Nigeria and the rest of Africa must develop a transition strategy and agenda focusing more on decarbonising energy sources rather than abandoning of natural resources as canvassed by the developed economies.
The executive director, Governance and Sustainability with Sahara Group, Ejiro Gray who made the call during a session with the media in Abuja, insisted that Nigeria and Africa cannot afford to sacrifice development for climate change, following the state of backwardness in the continent.
While noting that changing technologies and policies were usually the catalysts for energy transitions which were never a complete switch from the old source of energy nor an immediate action plan, she listed reduction of greenhouse emission, improvement of public health, the use of inexhaustible energy and creation of jobs and economic benefits as key reasons why the world embraced energy transition.
Gray, who warned that continued dependence on the transition agenda and strategy of developed countries may not augur well for Africa’s development, noted that struggling African countries including Nigeria who were listed amongst developing risk economies need advice on how best to reach their own energy transition goals.
She said: “Unfortunately, the way we’ve developed our resources over time has not favoured development in this part; we just extract and export so technically, we are so reliant on these other economies and for as long as you don’t have something tangible you are selling to also make your currency strong and reduce import dependency, you are going to be at the mercy of the dollar.
“So it’s one of the reasons why I would say let’s take energy transition seriously but in our own way.
We should take it seriously in Africa; what is our own agenda in the continent, how intentional are we about driving development?
Let’s start truly developing our continent with our resources because the people clamouring for energy transition are using our resources to develop their economy.
“If we are going to take it seriously we cannot come from the angle that the West is coming from, we cannot be preaching about climate change because that is not the most severe of our problems. Whether we like it or not people are hungry, they just want development so if you’re talking to them about climate change, they’re not going to listen to you. Let’s address it from our own perspective from what actually works for us.
“Advise us on how best we can achieve our goal but we determine the goal and the speed that will get us to our destination.
“We can choose to go with your advice, we can choose not to without you penalising us for not going with you and that is what we don’t have because we don’t really have the funding even in terms of policy formulation we need assistance because it’s new to us. Those are the kinds of things that we need them to help us with.

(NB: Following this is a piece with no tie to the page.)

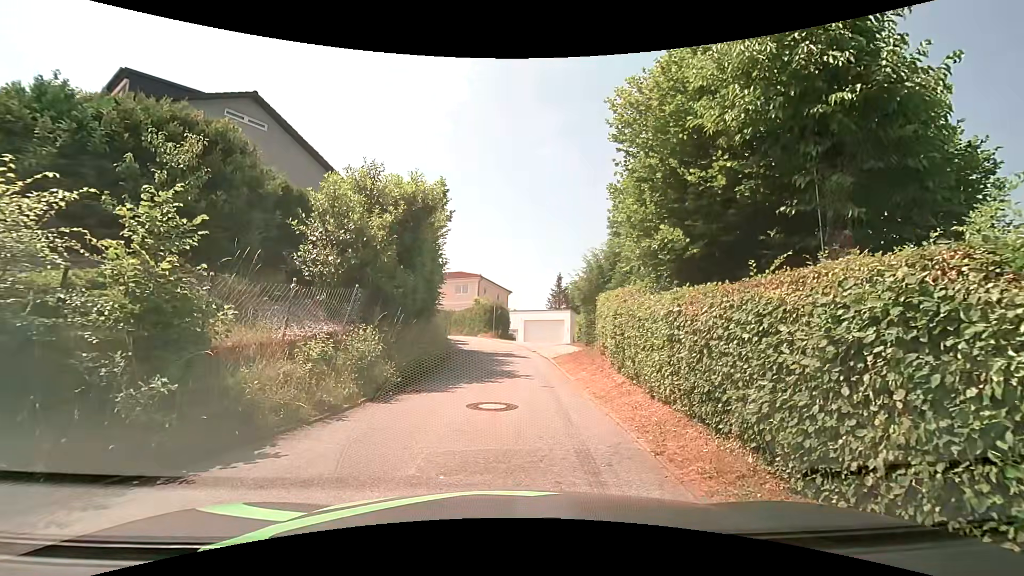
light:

“But we just now decide what our strategy is. Enough of the pity party it will not get us anyway. How can we sort of insulate ourselves as a continent from you can’t do it 100 per cent?
“There will always be some reliance but at least not to the point where we’re at. We are constantly at their mercy because right now any small shaking will bring the economies especially in Sub Saharan Africa to their knees.”
Speaking further, the Sahara Group Executive charged the media bring out the real issues, drive an energy transition narrative that works for Nigeria and Africa by educating people on what was important and what would work for the country and continent, rather than join “the bandwagon with whatever narrative the west is pushing.”
Gray who disclosed that Sahara Group was focused on gas, however frowned at the deficit of gas infrastructure in the country, and the non implementation of policies aimed at domesticating the use of gas in the country.
“The problem is with gas we need infrastructure and like the oil sector, so much of our gas has been focused on either flaring or export. We have the laws, we intend to implement these laws but we then find out we seem to be entering transactions that seem to oppose the policy we say we have enacted. To drive domestic gas utilisation, infrastructure is key.”
While noting that Sahara Group supplies at least 25 percent of Nigeria’s power supply, she added, “apart from gas to power we want to ensure we can push it to industries for manufacturing and as auto gas develops, we need to be able to push that as well.”